Several current and former officers with the U.S. Capitol Police are asking a federal judge to give them access to grand jury materials from special counsel Jack Smith’s criminal investigation into Donald Trump as they seek to hold the president-elect personally accountable for his role in the violent riots that erupted at the Capitol on Jan. 6, 2021.
In an application filed last week in the U.S. District Court for the District of Columbia, the eight officers asked the court to disclose certain materials obtained through the grand jury investigation for use in their lawsuit against Trump.
The requested materials are necessary because the officers say their information requests are being stonewalled. Such information includes Trump’s communications with “his non-governmental conspirators,” materials relating to the fundraising, planning, and promotion efforts from the Jan. 6, 2021, “Save America Rally,” and materials from some eyewitnesses of the Capitol attack.
The plaintiffs in the case are asking the court to release the materials because they have been unable to secure them through normal channels of discovery from multiple Trump-related organizations and individuals.
In the underlying case, Trump and others are accused of having “conspired to incite an assembled crowd to march upon and enter” the national legislative seat of government that fateful day. The lawsuit is premised on the Ku Klux Klan Act of 1871, a federal law barring mob violence directed at federal officials.
The various plaintiffs allege the defendants are civilly liable for what transpired and seek compensatory damages in the consolidated series of lawsuits. The current and former officers include Conrad Smith, Danny McElroy, Byron Evans, Governor Latson, Melissa Marshall, Michael Fortune, Jason DeRoche, and Reginald Cleveland.
According to the 12-page filing, the release of grand jury material may be the only manner through which the applicants can obtain information vital to their case because several entities and individuals close to Trump have “engaged in deficient discovery.”
For example, applicants claim that in response to a subpoena for “fundraising and coordination efforts,” the Save America PAC produced a single document: the location permit for the Rally.

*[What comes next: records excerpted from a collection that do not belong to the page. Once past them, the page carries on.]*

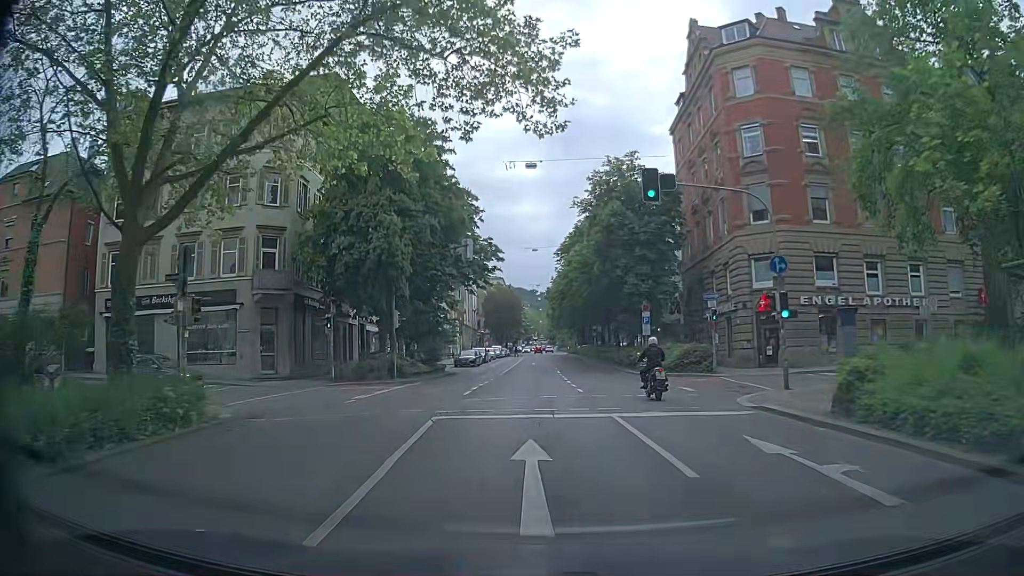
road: secondary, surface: asphalt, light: Day
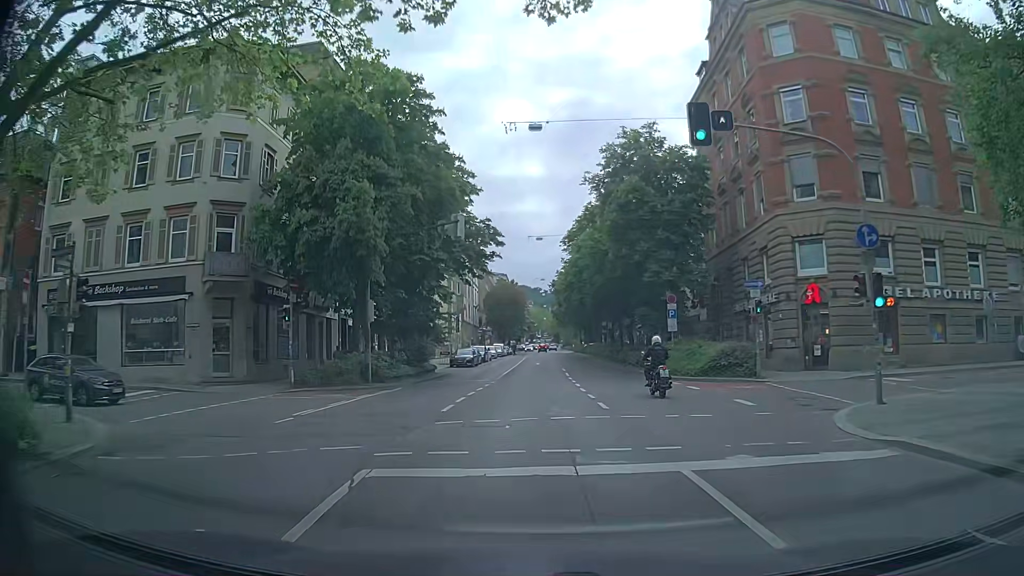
(-0.2, +5.8) m; -2°
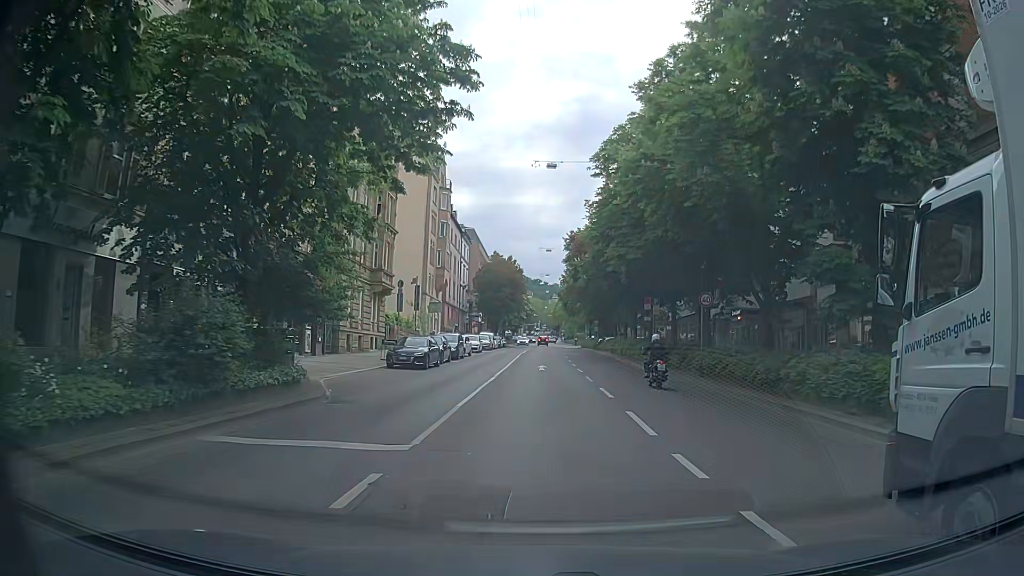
(0.0, +22.8) m; 0°
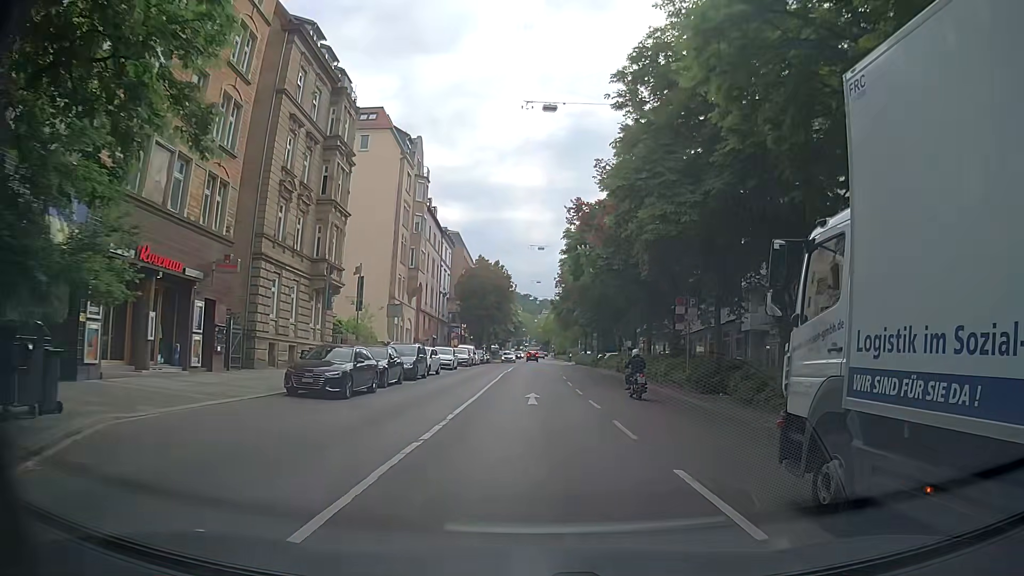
(+0.1, +11.4) m; +1°

“After Applicants requested that it run additional search terms or custodians, the PAC maintained it had no further responsive documents despite its role as a fundraising PAC,” the filing states. “Trump Victory and Make America Great Again Committee are also two fundraising PACs that purport to have not a single document responsive to Applicants’ subpoenas. Despite months of efforts on the part of counsel there has been no progress. These assertions defy credulity: Defendant Trump’s campaign entities very publicly fundraised based on the ‘Big Lie’ that Defendant Trump had won the election, or otherwise worked on the false electors scheme, which inflamed sentiments culminating in the January 6 Attack”
Additionally, the officers allege that several individuals involved with Trump, including Rudy Giuliani, Dan Scavino, and Caroline Wren have spent “months or even more than a year” refusing to respond to subpoenas in the civil case.
“There has been no indication that these third parties will respond to the discovery requests,” the filing states. “Therefore, Applicants seek disclosure to prevent the injustice of being denied their crucial documents and testimony.”
The applicants argue that the grand jury material is relevant because their civil case against Trump and the federal criminal case against Trump are “based on substantially the same underlying facts.”
“Disclosure is proper here because Smith v. Trump and the grand jury proceedings in United States v. Trump plainly overlap, as both allege Defendant Trump engaged in unlawful conduct based on the same underlying events,” the applicants wrote in the 12-page filing. “As there is no dispute that the Smith v. Trump is a judicial proceeding, the Court is authorized to direct disclosure upon a showing that there is a connection between the two proceedings.”
Additionally, while the particularized grand jury materials they are seeking would typically be kept confidential, Trump’s reelection last month led to the dismissal of the federal criminal cases he was facing, thereby greatly reducing the need for the grand jury materials to remain secret.